> [Stored data]
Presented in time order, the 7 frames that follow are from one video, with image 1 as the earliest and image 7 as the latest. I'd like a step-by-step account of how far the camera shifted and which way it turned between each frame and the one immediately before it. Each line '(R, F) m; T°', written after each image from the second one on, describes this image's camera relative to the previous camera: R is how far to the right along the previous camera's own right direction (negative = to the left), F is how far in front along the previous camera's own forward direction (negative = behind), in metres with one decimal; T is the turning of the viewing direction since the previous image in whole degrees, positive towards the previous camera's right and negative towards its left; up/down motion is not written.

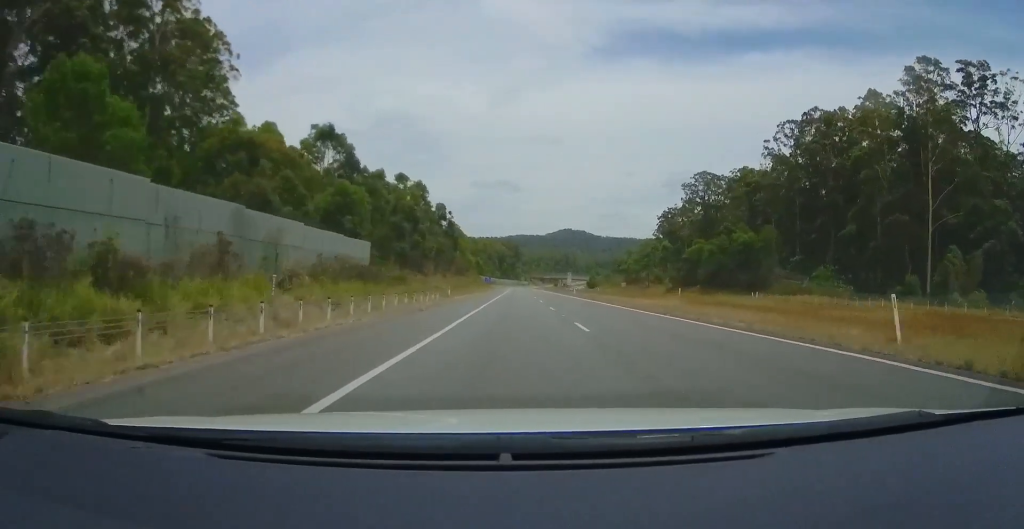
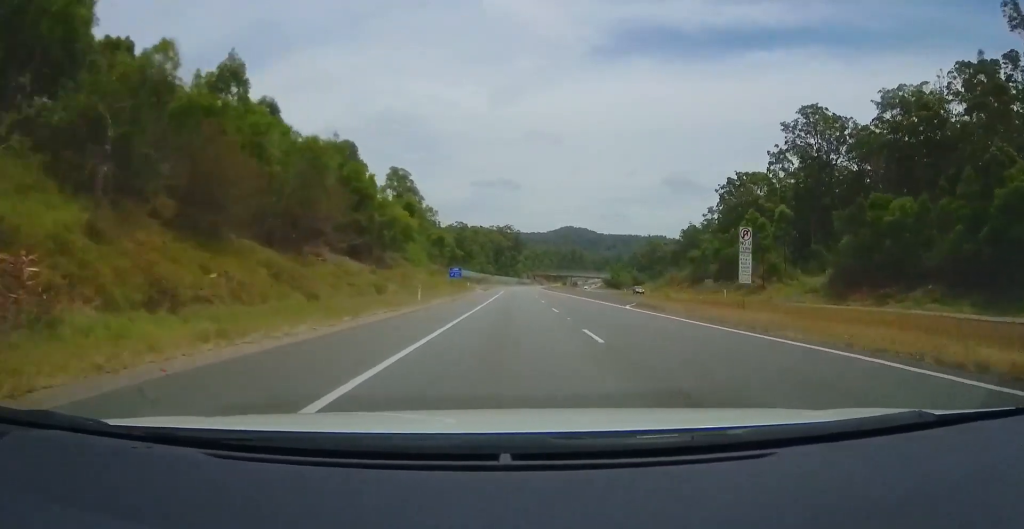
(-0.4, +74.8) m; 0°
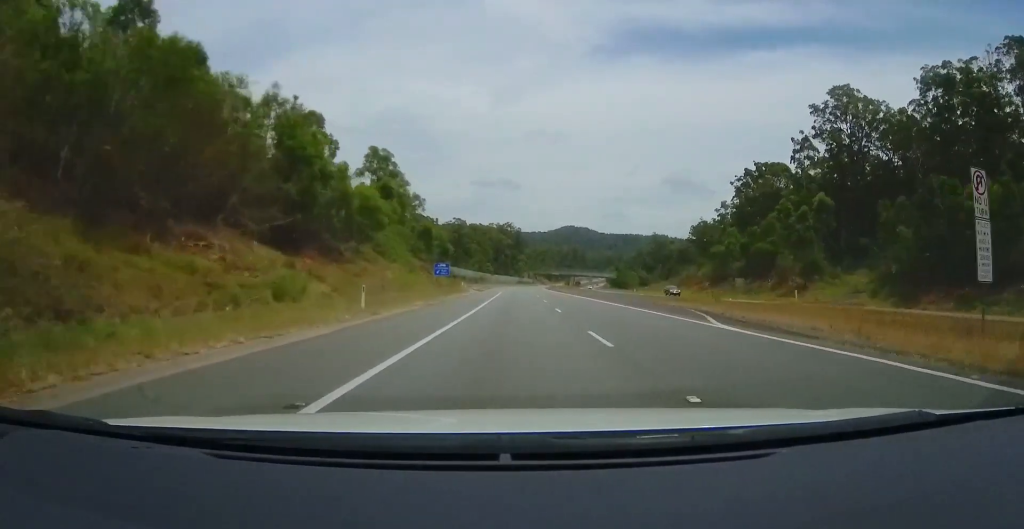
(0.0, +13.1) m; 0°
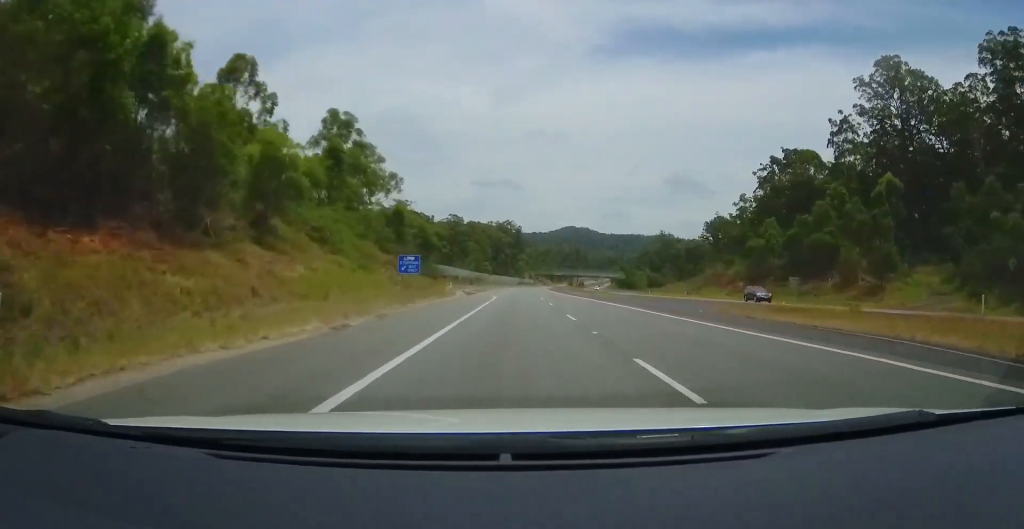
(+0.1, +16.6) m; 0°
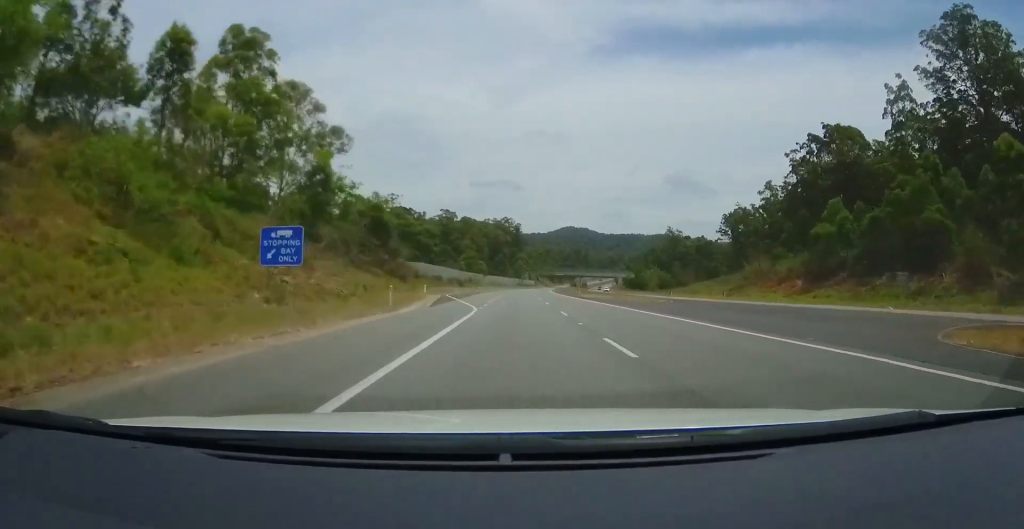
(-0.3, +21.3) m; -1°
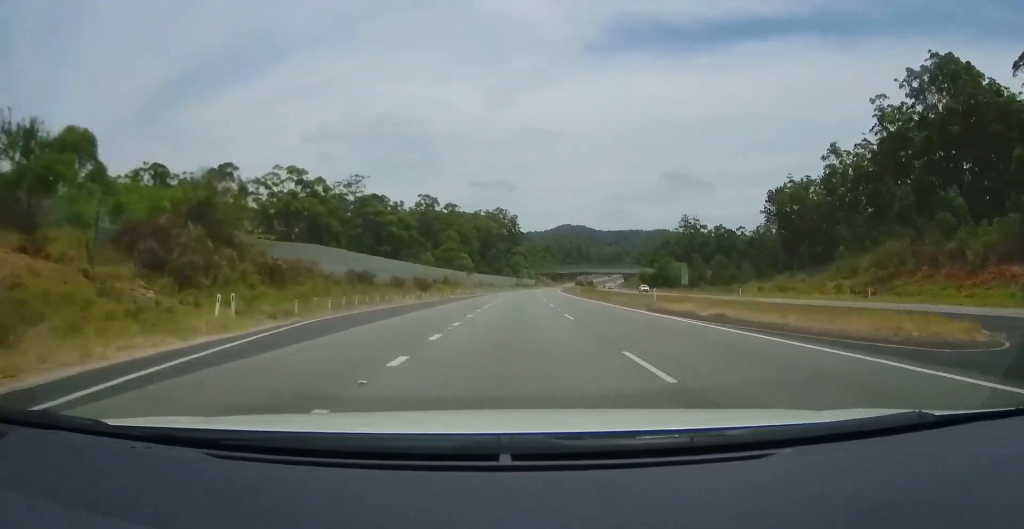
(-0.5, +38.0) m; 0°
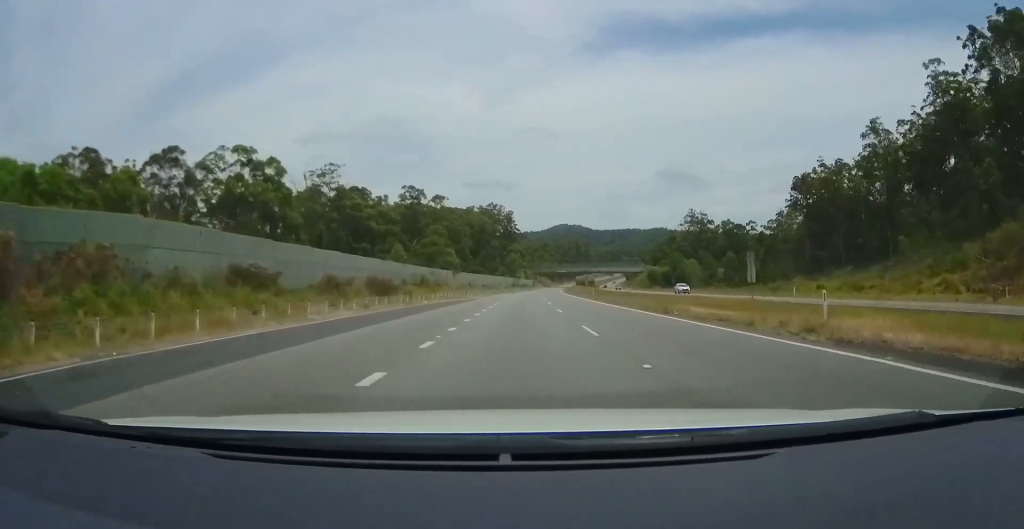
(+0.4, +17.8) m; +1°

> [What is expected] Your copy should match the records above exactly, except that it contains no pictures.

> [Answer for the task]
Presented in time order, the 7 frames that follow are from one video, with image 1 as the earliest and image 7 as the latest. I'd like a step-by-step account of how far the camera shifted and which way it turned between each frame and the one immediately before it. Each line '(R, F) m; T°', written after each image from the second one on, describes this image's camera relative to the previous camera: R is how far to the right along the previous camera's own right direction (negative = to the left), F is how far in front along the previous camera's own forward direction (negative = behind), in metres with one decimal; T is the turning of the viewing direction since the previous image in whole degrees, positive towards the previous camera's right and negative towards its left; up/down motion is not written.

(-0.4, +74.8) m; 0°
(0.0, +13.1) m; 0°
(+0.1, +16.6) m; 0°
(-0.3, +21.3) m; -1°
(-0.5, +38.0) m; 0°
(+0.4, +17.8) m; +1°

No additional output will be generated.